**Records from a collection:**
[Start of section]
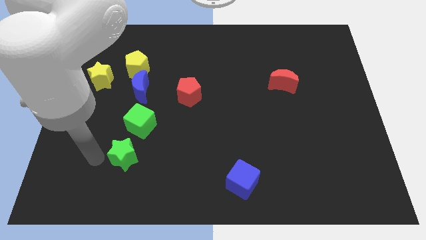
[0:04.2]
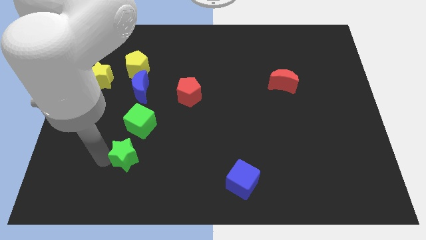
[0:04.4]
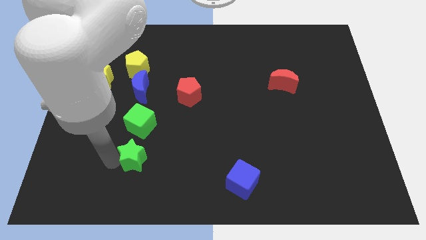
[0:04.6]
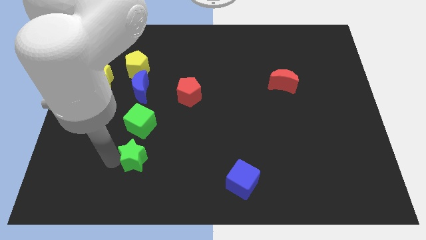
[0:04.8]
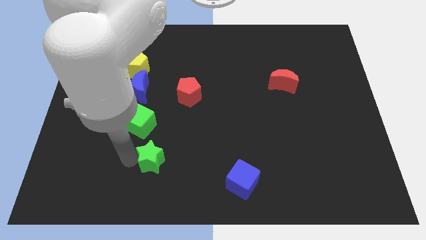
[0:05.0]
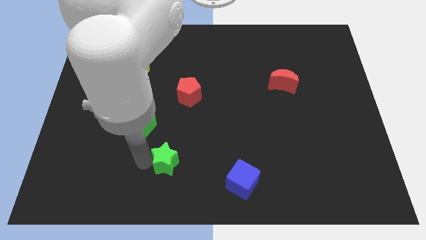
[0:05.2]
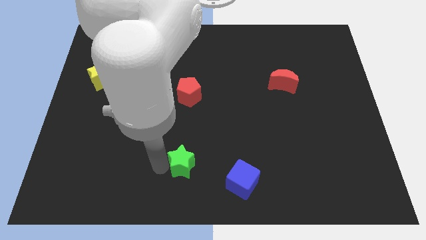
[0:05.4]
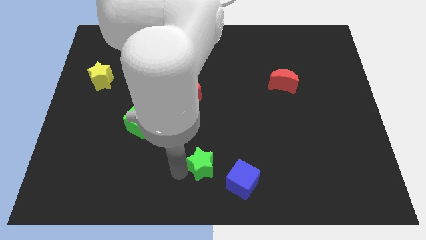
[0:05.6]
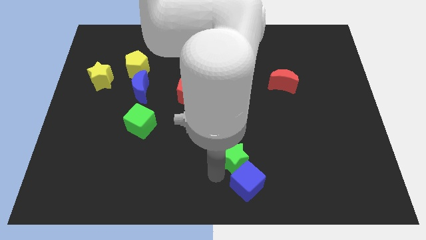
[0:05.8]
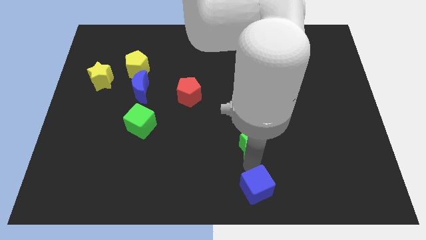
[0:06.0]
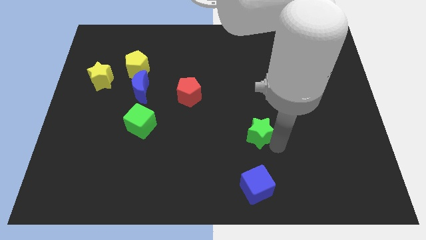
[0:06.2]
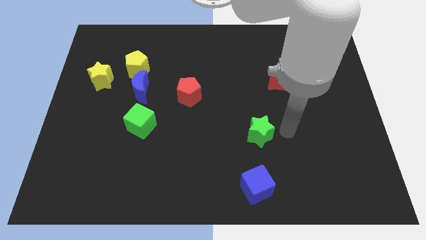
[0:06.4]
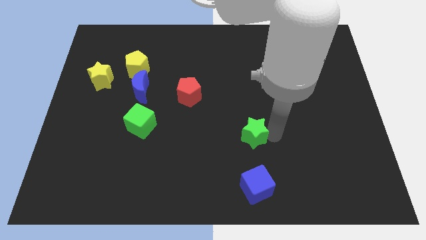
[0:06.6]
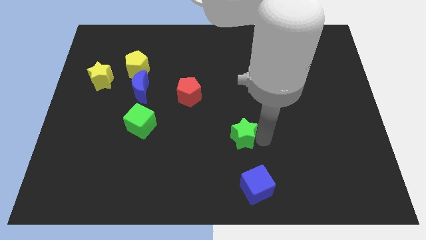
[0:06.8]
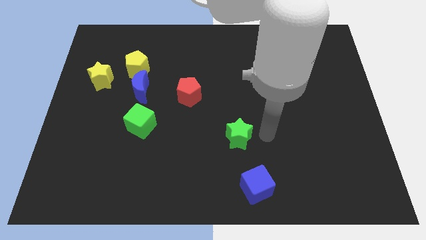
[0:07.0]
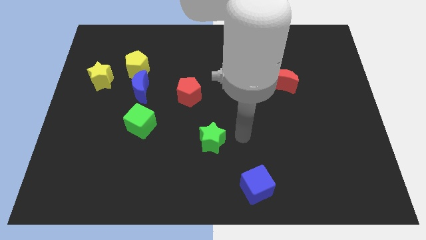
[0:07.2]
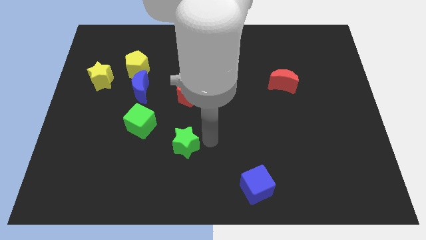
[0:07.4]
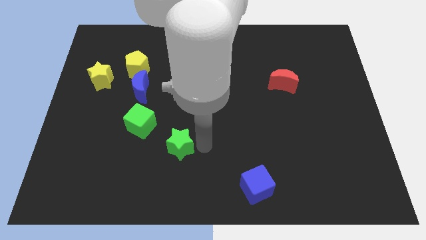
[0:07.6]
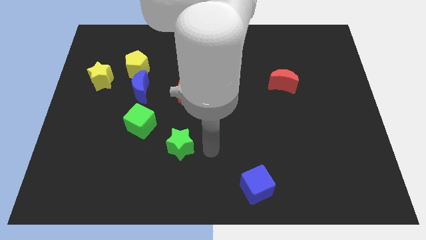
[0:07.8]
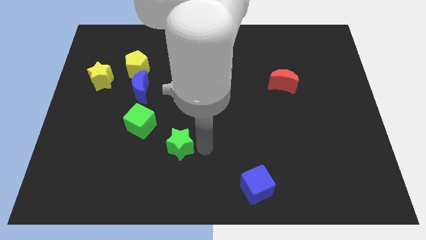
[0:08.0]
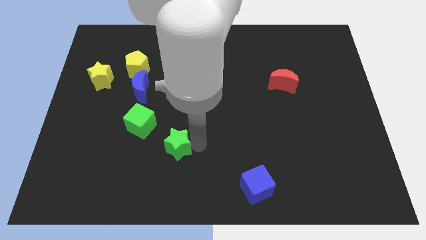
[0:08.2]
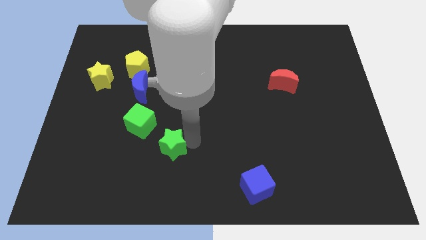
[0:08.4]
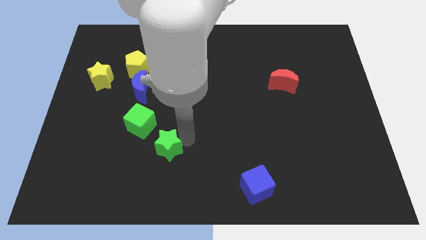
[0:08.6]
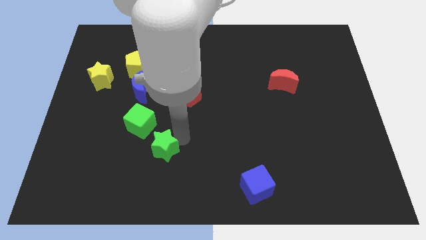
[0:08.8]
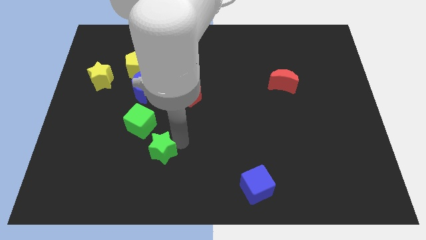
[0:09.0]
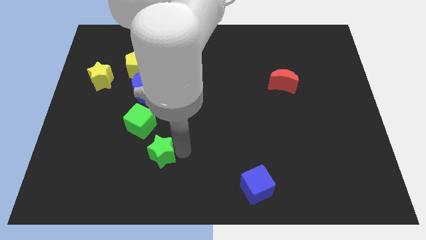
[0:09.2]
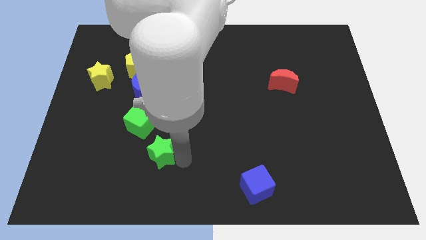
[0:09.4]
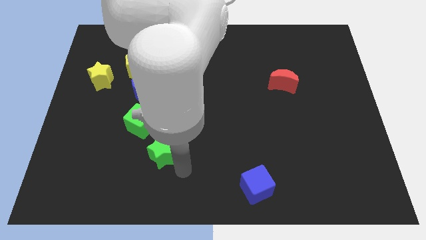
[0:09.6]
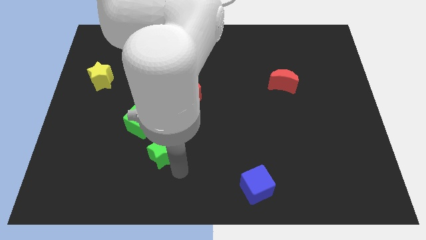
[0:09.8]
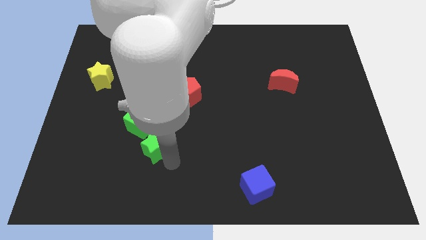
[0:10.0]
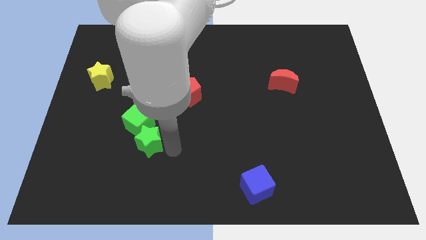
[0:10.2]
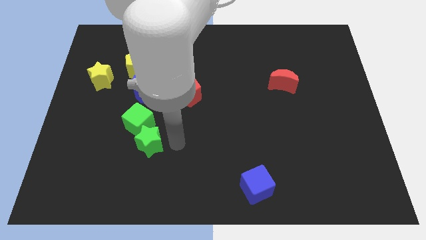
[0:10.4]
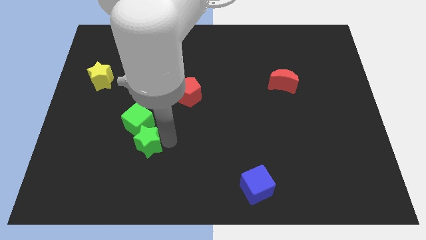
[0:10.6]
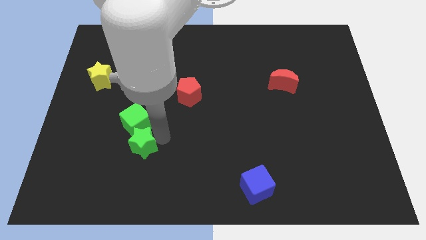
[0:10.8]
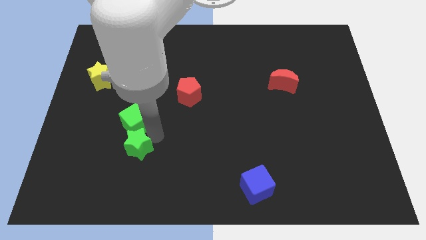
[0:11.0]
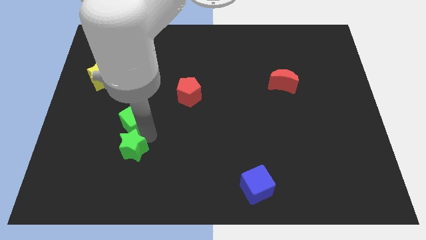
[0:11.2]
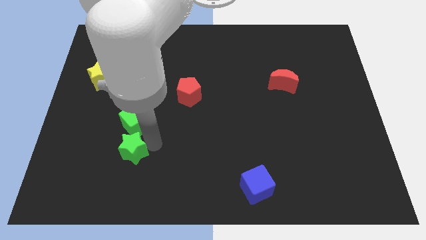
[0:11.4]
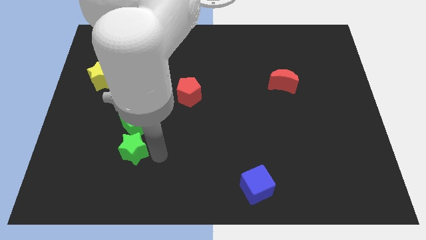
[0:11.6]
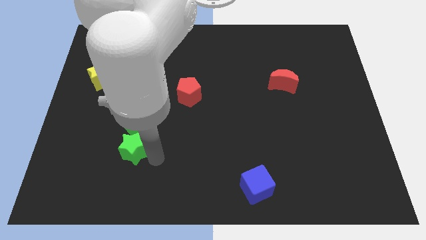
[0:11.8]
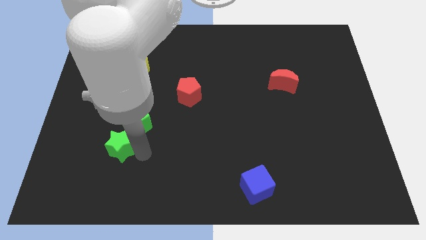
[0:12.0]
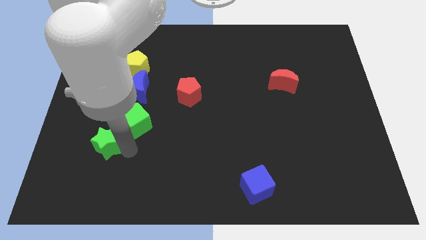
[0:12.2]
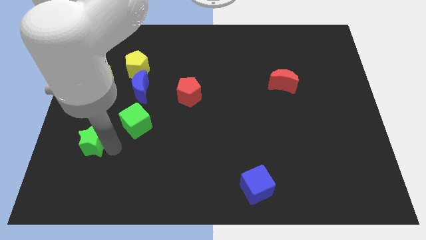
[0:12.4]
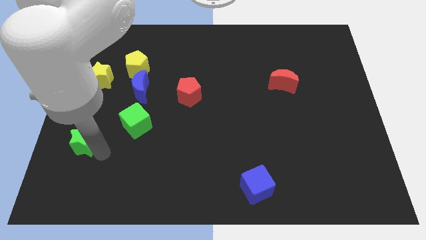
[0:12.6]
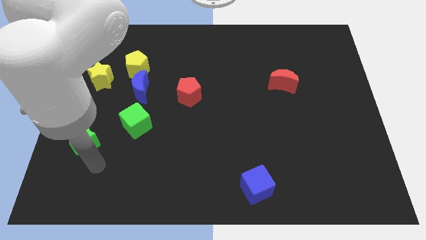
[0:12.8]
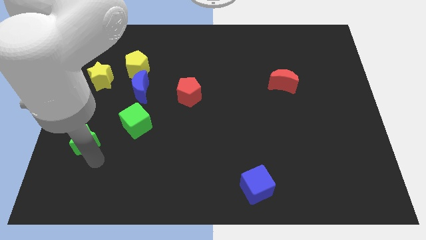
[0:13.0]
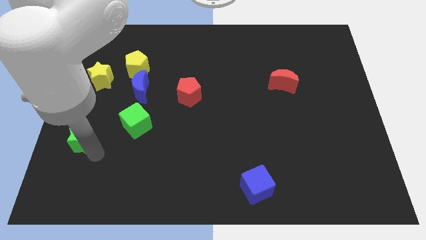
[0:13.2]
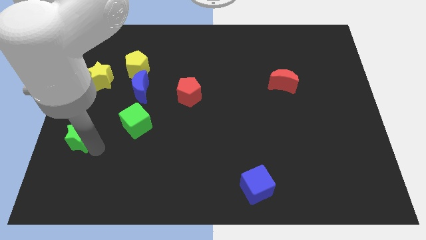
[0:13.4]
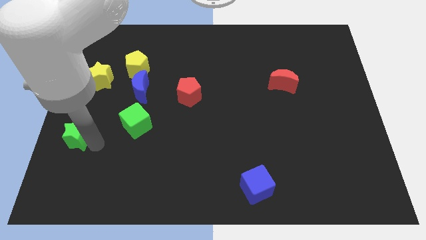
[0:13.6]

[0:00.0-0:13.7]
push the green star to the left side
[End of section]
**ABOUT THIS TASK:**
Leave out the pictures and retype every line above exactly.

**RESULT:**
[0:04.2]
[0:04.4]
[0:04.6]
[0:04.8]
[0:05.0]
[0:05.2]
[0:05.4]
[0:05.6]
[0:05.8]
[0:06.0]
[0:06.2]
[0:06.4]
[0:06.6]
[0:06.8]
[0:07.0]
[0:07.2]
[0:07.4]
[0:07.6]
[0:07.8]
[0:08.0]
[0:08.2]
[0:08.4]
[0:08.6]
[0:08.8]
[0:09.0]
[0:09.2]
[0:09.4]
[0:09.6]
[0:09.8]
[0:10.0]
[0:10.2]
[0:10.4]
[0:10.6]
[0:10.8]
[0:11.0]
[0:11.2]
[0:11.4]
[0:11.6]
[0:11.8]
[0:12.0]
[0:12.2]
[0:12.4]
[0:12.6]
[0:12.8]
[0:13.0]
[0:13.2]
[0:13.4]
[0:13.6]

[0:00.0-0:13.7]
push the green star to the left side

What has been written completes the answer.